INPUT MATERIAL Start Marker
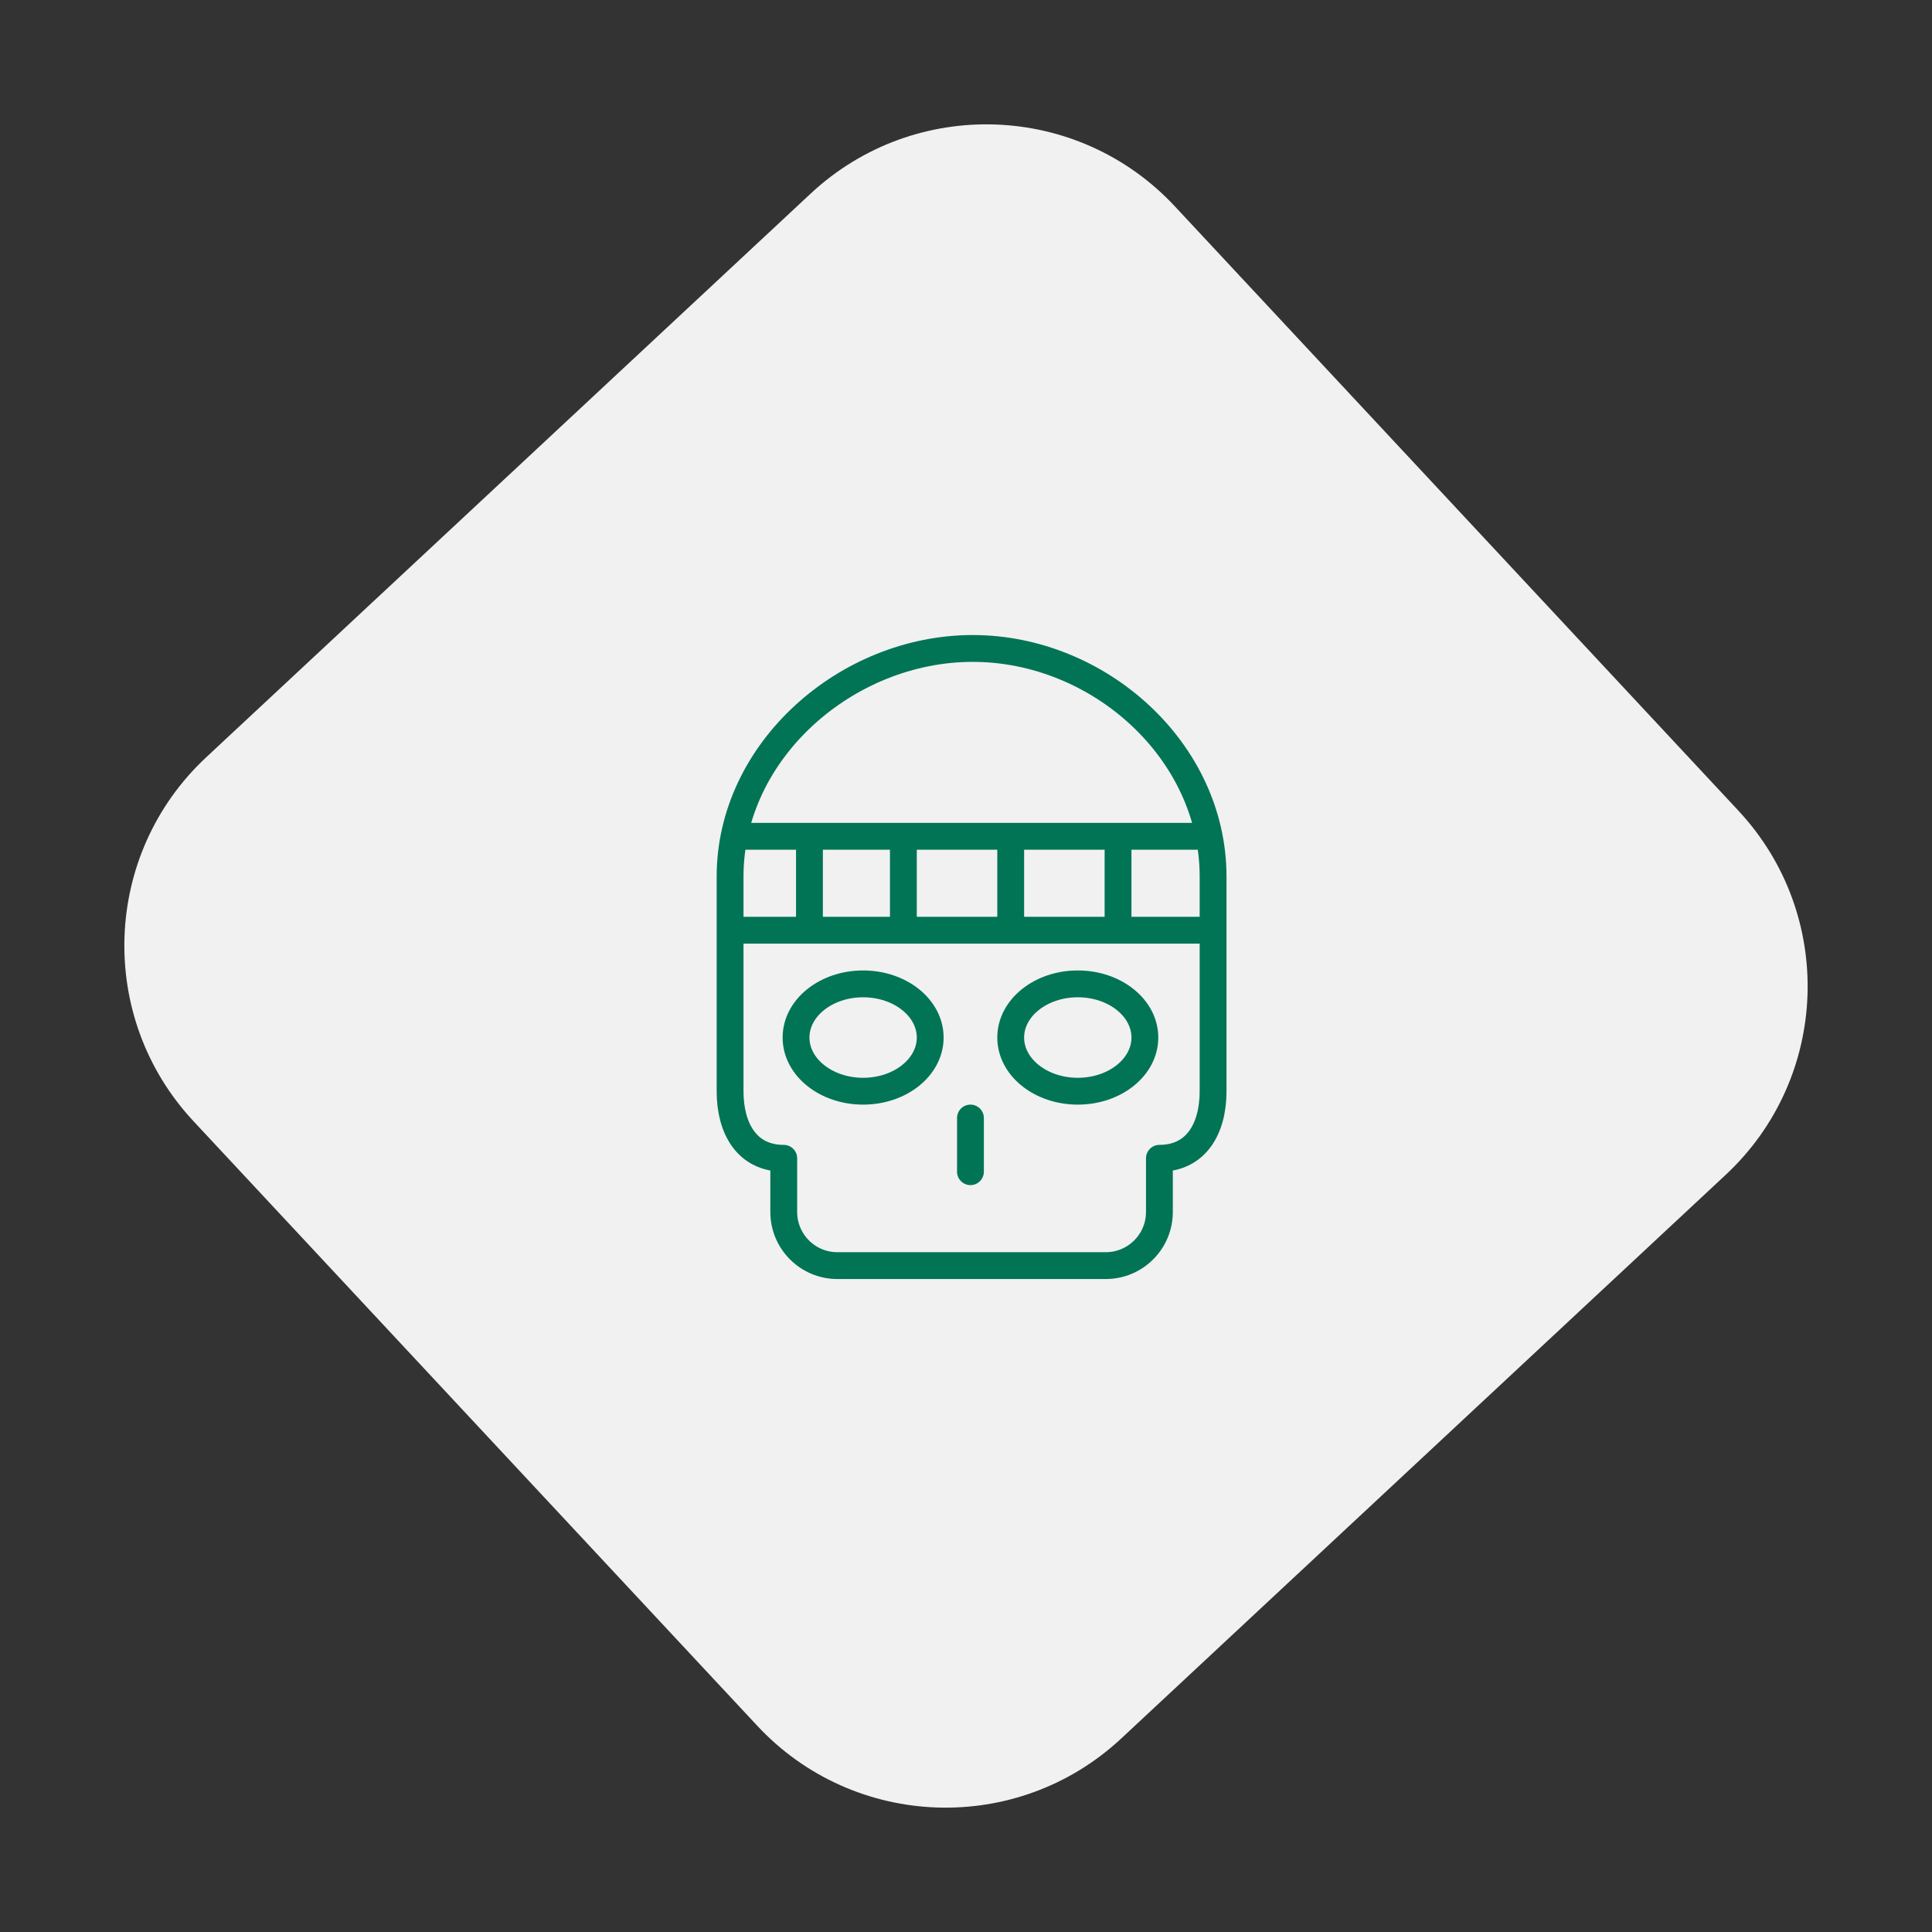 <?xml version="1.0" encoding="UTF-8"?>
<svg width="72px" height="72px" viewBox="0 0 72 72" version="1.1" xmlns="http://www.w3.org/2000/svg" xmlns:xlink="http://www.w3.org/1999/xlink">
    <rect x="0" y="0" width="72" height="72" fill="#333333" stroke="none"/>
    <title>Group 23</title>
    <g id="final" stroke="none" stroke-width="1" fill="none" fill-rule="evenodd">
        <g id="Seguro-Residencial---Desk---V2" transform="translate(-459, -2179)">
            <g id="Group-13" transform="translate(202, 2113)">
                <g id="Group-23" transform="translate(257, 66)">
                    <path d="M20.6,11 L51.4,11 C56.702,11 61,15.298 61,20.6 L61,51.4 C61,56.702 56.702,61 51.4,61 L20.6,61 C15.298,61 11,56.702 11,51.4 L11,20.6 C11,15.298 15.298,11 20.6,11 Z" id="Rectangle-3-Copy-2" fill="#F1F1F1" transform="translate(36, 36) rotate(-43) translate(-36, -36) "></path>
                    <g id="Group-22-Copy" transform="translate(26.666, 23.666)" stroke="#007455" stroke-linecap="round" stroke-linejoin="round">
                        <path d="M18.542,9 C18.542,4.306 14.278,0.5 9.584,0.5 C4.89,0.5 0.542,4.306 0.542,9 L0.542,17 C0.542,18.381 1.161,19.5 2.542,19.5 L2.542,21.5 C2.542,22.604 3.437,23.5 4.542,23.5 L14.542,23.5 C15.646,23.5 16.542,22.604 16.542,21.5 L16.542,19.5 C17.923,19.5 18.542,18.381 18.542,17 L18.542,9 L18.542,9 Z" id="Stroke-1362"></path>
                        <line x1="1" y1="11" x2="18" y2="11" id="Stroke-1365"></line>
                        <line x1="3.5" y1="11" x2="3.5" y2="8" id="Stroke-1365"></line>
                        <line x1="7" y1="11" x2="7" y2="8" id="Stroke-1365"></line>
                        <line x1="11" y1="11" x2="11" y2="8" id="Stroke-1365"></line>
                        <line x1="9.5" y1="20" x2="9.5" y2="18" id="Stroke-1365-Copy"></line>
                        <line x1="15" y1="11" x2="15" y2="8" id="Stroke-1365"></line>
                        <line x1="1" y1="7.5" x2="18" y2="7.5" id="Stroke-1365"></line>
                        <path d="M16,15 C16,16.105 14.881,17 13.5,17 C12.119,17 11,16.105 11,15 C11,13.896 12.119,13 13.5,13 C14.881,13 16,13.896 16,15 L16,15 Z" id="Stroke-1366"></path>
                        <path d="M3,15 C3,16.105 4.119,17 5.5,17 C6.881,17 8,16.105 8,15 C8,13.896 6.881,13 5.5,13 C4.119,13 3,13.896 3,15 L3,15 Z" id="Stroke-1367"></path>
                    </g>
                </g>
            </g>
        </g>
    </g>
</svg>
INPUT MATERIAL End Marker
EXERCISE INSTRUCTIONS: The entries above must be output exactly, with every image left out.

SOLUTION BELOW:
 <?xml version="1.0" encoding="UTF-8"?>
<svg width="72px" height="72px" viewBox="0 0 72 72" version="1.1" xmlns="http://www.w3.org/2000/svg" xmlns:xlink="http://www.w3.org/1999/xlink">
    <rect x="0" y="0" width="72" height="72" fill="#333333" stroke="none"/>
    <title>Group 23</title>
    <g id="final" stroke="none" stroke-width="1" fill="none" fill-rule="evenodd">
        <g id="Seguro-Residencial---Desk---V2" transform="translate(-459, -2179)">
            <g id="Group-13" transform="translate(202, 2113)">
                <g id="Group-23" transform="translate(257, 66)">
                    <path d="M20.6,11 L51.4,11 C56.702,11 61,15.298 61,20.6 L61,51.4 C61,56.702 56.702,61 51.4,61 L20.6,61 C15.298,61 11,56.702 11,51.4 L11,20.6 C11,15.298 15.298,11 20.6,11 Z" id="Rectangle-3-Copy-2" fill="#F1F1F1" transform="translate(36, 36) rotate(-43) translate(-36, -36) "></path>
                    <g id="Group-22-Copy" transform="translate(26.666, 23.666)" stroke="#007455" stroke-linecap="round" stroke-linejoin="round">
                        <path d="M18.542,9 C18.542,4.306 14.278,0.5 9.584,0.5 C4.89,0.5 0.542,4.306 0.542,9 L0.542,17 C0.542,18.381 1.161,19.5 2.542,19.5 L2.542,21.5 C2.542,22.604 3.437,23.5 4.542,23.5 L14.542,23.5 C15.646,23.5 16.542,22.604 16.542,21.5 L16.542,19.5 C17.923,19.5 18.542,18.381 18.542,17 L18.542,9 L18.542,9 Z" id="Stroke-1362"></path>
                        <line x1="1" y1="11" x2="18" y2="11" id="Stroke-1365"></line>
                        <line x1="3.5" y1="11" x2="3.5" y2="8" id="Stroke-1365"></line>
                        <line x1="7" y1="11" x2="7" y2="8" id="Stroke-1365"></line>
                        <line x1="11" y1="11" x2="11" y2="8" id="Stroke-1365"></line>
                        <line x1="9.5" y1="20" x2="9.5" y2="18" id="Stroke-1365-Copy"></line>
                        <line x1="15" y1="11" x2="15" y2="8" id="Stroke-1365"></line>
                        <line x1="1" y1="7.5" x2="18" y2="7.5" id="Stroke-1365"></line>
                        <path d="M16,15 C16,16.105 14.881,17 13.5,17 C12.119,17 11,16.105 11,15 C11,13.896 12.119,13 13.5,13 C14.881,13 16,13.896 16,15 L16,15 Z" id="Stroke-1366"></path>
                        <path d="M3,15 C3,16.105 4.119,17 5.5,17 C6.881,17 8,16.105 8,15 C8,13.896 6.881,13 5.5,13 C4.119,13 3,13.896 3,15 L3,15 Z" id="Stroke-1367"></path>
                    </g>
                </g>
            </g>
        </g>
    </g>
</svg>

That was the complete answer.